What if something like Section 245(i) were formulated to allow people, without any criminal backgrounds or removal orders, etc., to apply for adjustment of status overseas? Such may be an incentive for illegals to leave the country and wait their turn in line if they know that they will not be barred from 10 years from returning legally.
The 3 and 10 year bars are supposed to be a deterrent to overstaying – but are they really such, or are they a deterrent to leaving?! As the country cracks down on immigration violations, it will be increasingly difficult (we hope) to enter the country illegally. Perhaps for people without orders of removal, those who are out of status for 6-12months can be barred for 6-12 months, instead of the 3 years, pay a $1000 fine, and process overseas, and those out of status for over 1 year can be subject to a 1 year bar – enough to be the deterrent against overstaying but perhaps less severe so that people will leave the country to process overseas.
I believe this may be a sensible solution for all sides considered, which takes into account the need to have U.S. immigration laws enforced and respected and the need to take control of an illegal population that only has an incentive to hide from the law, rather than obey it.
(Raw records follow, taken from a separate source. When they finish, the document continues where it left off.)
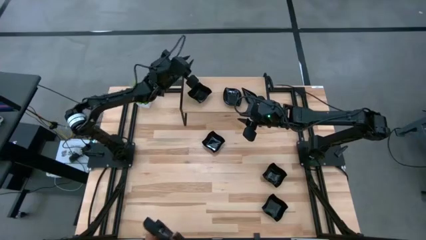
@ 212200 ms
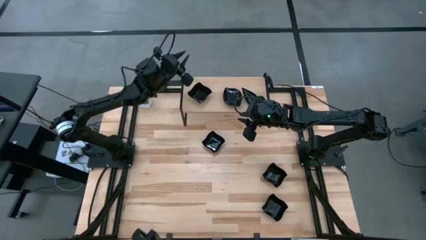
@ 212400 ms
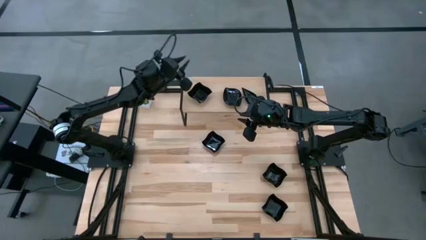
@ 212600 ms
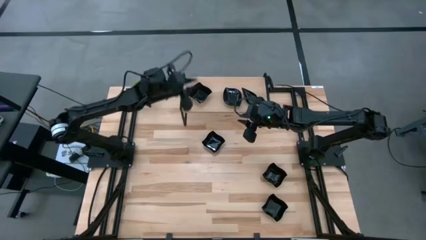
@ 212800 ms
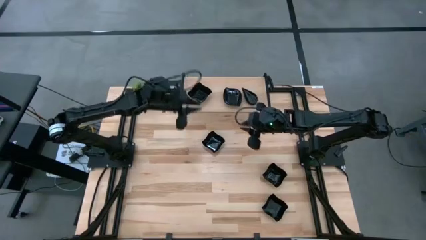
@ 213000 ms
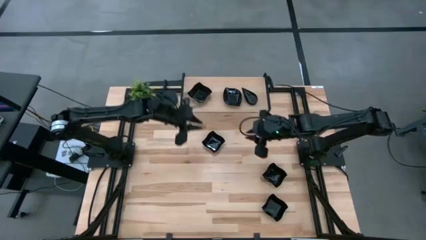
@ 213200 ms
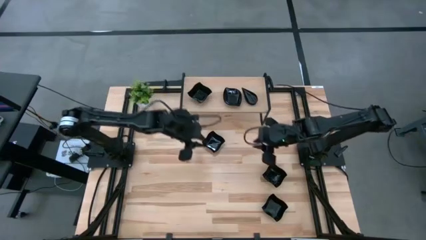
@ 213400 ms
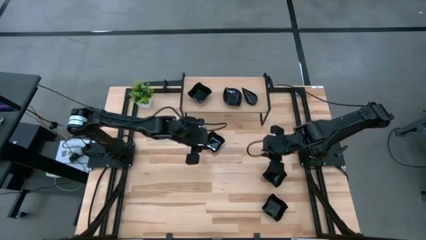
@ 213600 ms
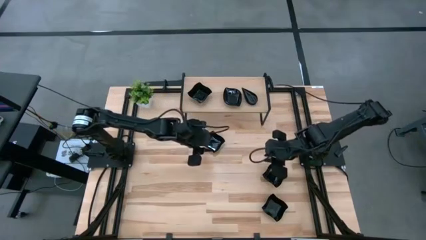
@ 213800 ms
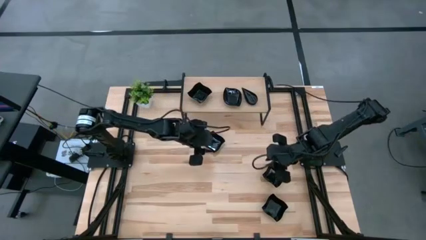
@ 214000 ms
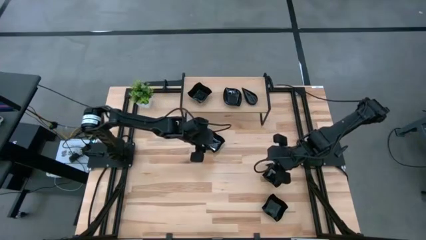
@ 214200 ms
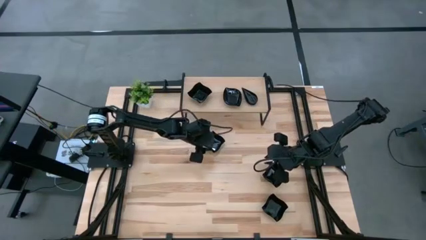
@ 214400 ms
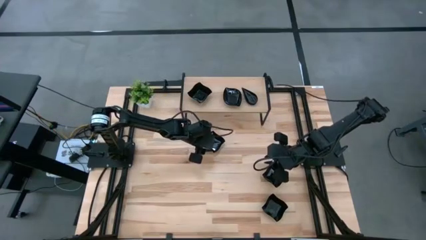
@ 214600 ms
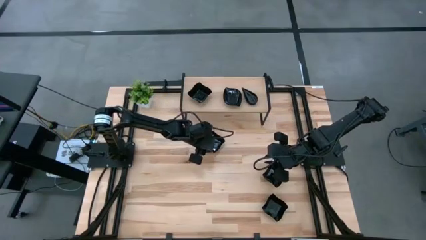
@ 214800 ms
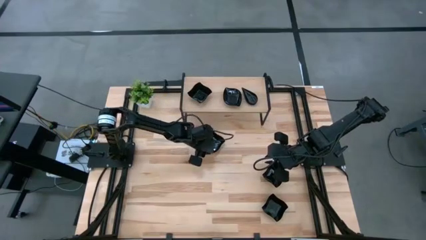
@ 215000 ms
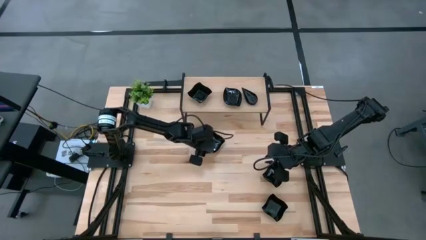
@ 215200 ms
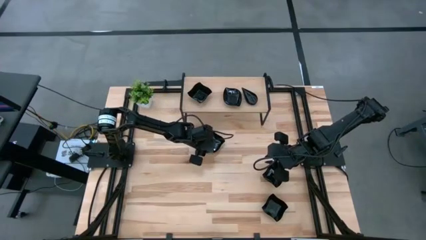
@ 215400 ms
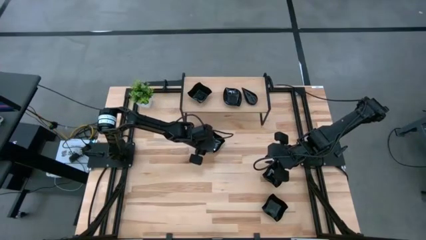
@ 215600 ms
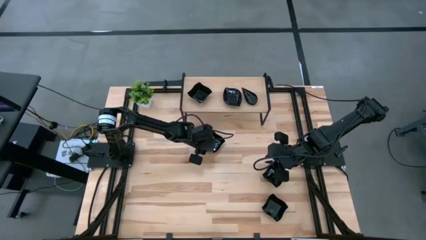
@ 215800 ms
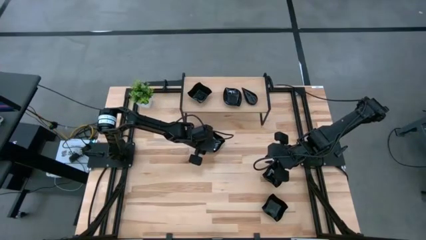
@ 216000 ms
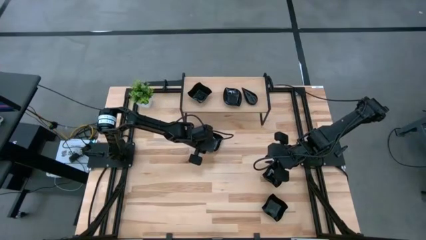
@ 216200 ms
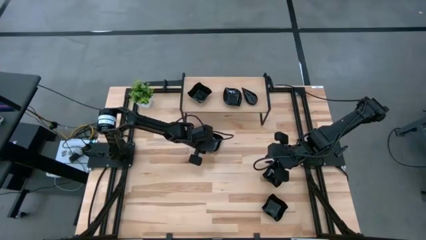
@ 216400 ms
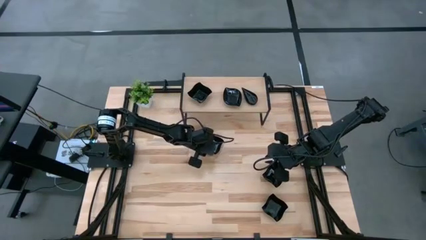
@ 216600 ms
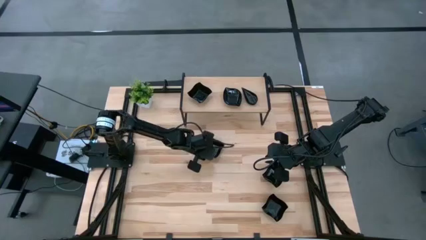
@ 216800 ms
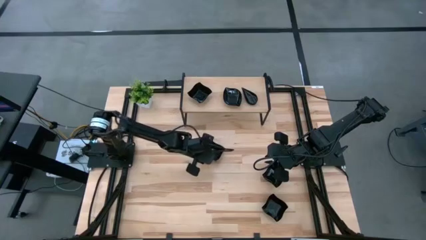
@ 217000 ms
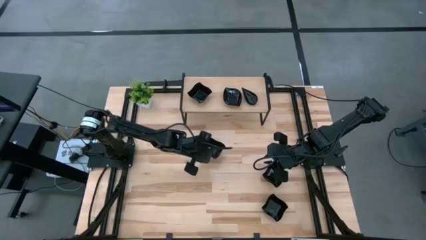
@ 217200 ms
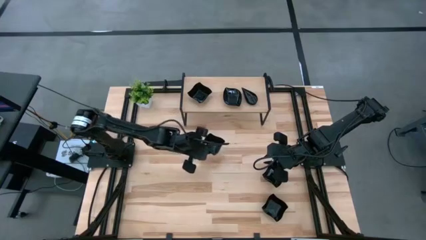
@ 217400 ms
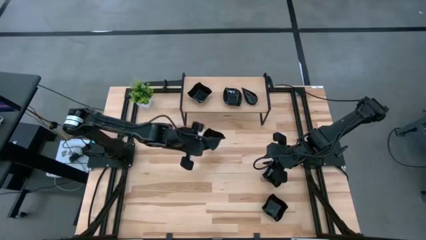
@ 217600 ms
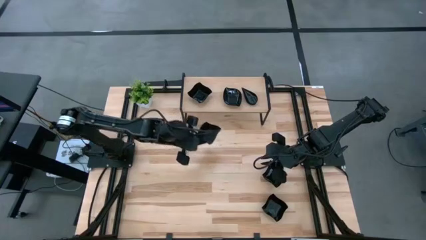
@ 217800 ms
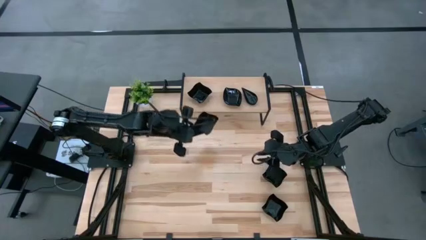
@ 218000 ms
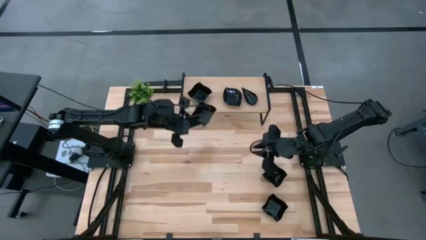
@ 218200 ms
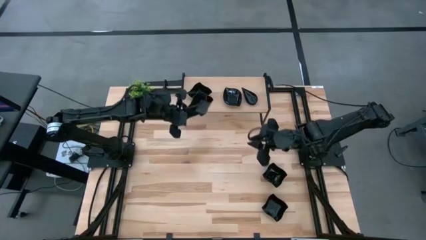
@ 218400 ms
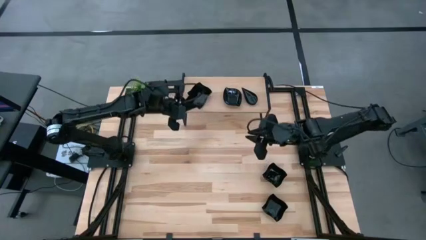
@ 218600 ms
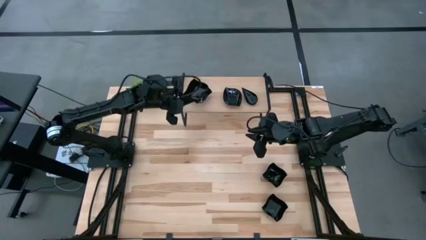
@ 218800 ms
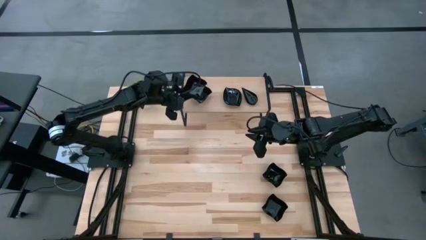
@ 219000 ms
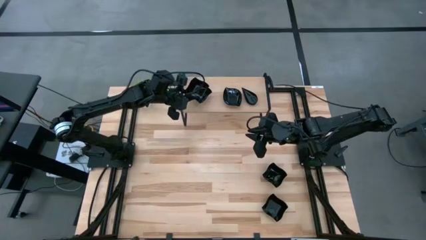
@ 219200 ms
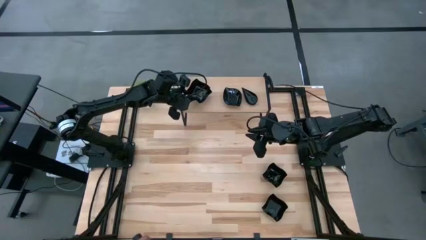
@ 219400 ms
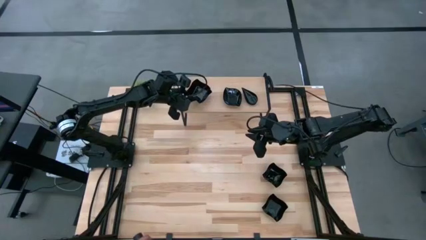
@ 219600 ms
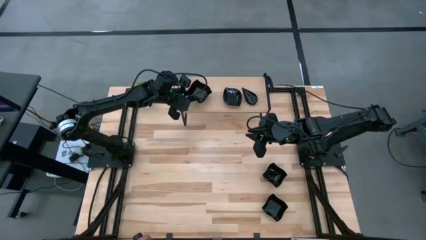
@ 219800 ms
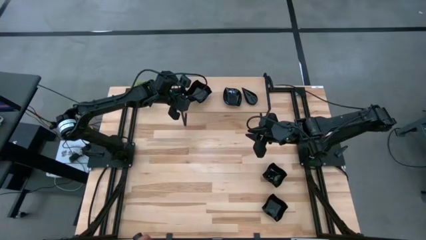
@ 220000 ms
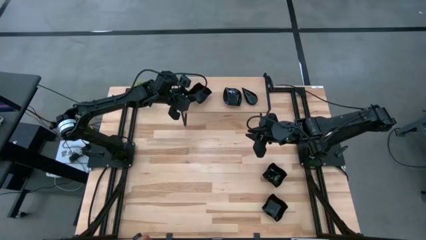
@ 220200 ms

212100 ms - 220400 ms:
Task: Pick & Place Mini shaped plates
Stack the black wave square shaped plate on top of the black wave square shaped plate on the shelf

Any thoughts or suggestions are welcome.
Ross Brady, Esq.
I want to say something in response to J. Seyes's comments on the INS new 30 day rule on visitor's visa . It's not because INS realized that no one visits the US for a period of 6 months so they are changing the rule, it's because INS wants to do something in response to the activities of terrorists. However, do you really believe that terrorists care about how many days the INS allows them to stay in the U.S. when they are determined to do terrorist activities? It's the most stupid thing. I also note that INS will go after visitors and students after 9/11 just because some of the terrorists had such visas.
It's true that not many Americans ever visit a foreign country on vacation and stay for 6 months. You may not have the time or money to do so. But don't be so simple to assume others won't visit America for 6 months. I know a lot of immigrants who are very involved with their life and work in America and don't have time to visit their families in their home country. So they invite their family members (mostly retired parents) to visit them here in America. Do you know how long they stay? Mostly 6 months! Do you know why? Because they have the time. And because it cost them a fortune to buy airline tickets to fly to the US so they don't want to just stay here for 30 days!
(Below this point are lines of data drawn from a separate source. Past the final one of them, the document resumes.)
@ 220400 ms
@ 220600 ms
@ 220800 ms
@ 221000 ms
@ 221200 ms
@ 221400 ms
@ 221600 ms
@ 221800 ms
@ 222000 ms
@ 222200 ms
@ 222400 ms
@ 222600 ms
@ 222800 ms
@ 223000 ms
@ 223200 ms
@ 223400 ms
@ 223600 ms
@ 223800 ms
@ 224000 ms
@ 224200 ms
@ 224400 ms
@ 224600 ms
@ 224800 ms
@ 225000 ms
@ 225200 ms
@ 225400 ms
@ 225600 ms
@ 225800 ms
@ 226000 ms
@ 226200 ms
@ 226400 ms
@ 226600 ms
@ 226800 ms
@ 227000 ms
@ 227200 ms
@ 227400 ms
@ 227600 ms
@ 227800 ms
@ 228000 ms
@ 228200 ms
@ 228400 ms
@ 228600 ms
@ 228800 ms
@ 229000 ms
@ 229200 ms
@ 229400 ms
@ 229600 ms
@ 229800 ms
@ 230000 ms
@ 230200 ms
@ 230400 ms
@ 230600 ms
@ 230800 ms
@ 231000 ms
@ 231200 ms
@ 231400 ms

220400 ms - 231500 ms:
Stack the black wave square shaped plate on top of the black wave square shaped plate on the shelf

Shortly after INS proposed the 30-day rule, I heard a group of immigrants talk about the effect of the new rule. They said they have only 2 options, either to have their family visit them and stay here illegally beyond 30 days (which will make it difficult for the family to visit at a later time), or just cancel the visit. I really don't see there are other better options left to those law-abiding people. In my view, INS is abusing its power and using the law to punish good people!
One thing to add, I bet the airline business will go down because of this new rule. This is another contribution INS will make for the US economy.
There are hundreds of foreign nationals who have winter homes in Florida, especially those from the U.K. They are retired persons and stay for about 5-6 months. Most will now enter on visa waivers and lie about length of stay. The visa waiver program should be abolished. Our Consulate staff are better equipped to adjudicate potential overstays, etc. than INS airport officers.
The ridiculous visa lottery should also be abandoned and save 50,000 visas best used in other areas. Its purpose now is to provide amnesty for those in the U.S. illegally. The lottery, initially, helped Irish nationals, who received a greater percentage of selections during the first year. Sen. Kennedy was a co-sponsor.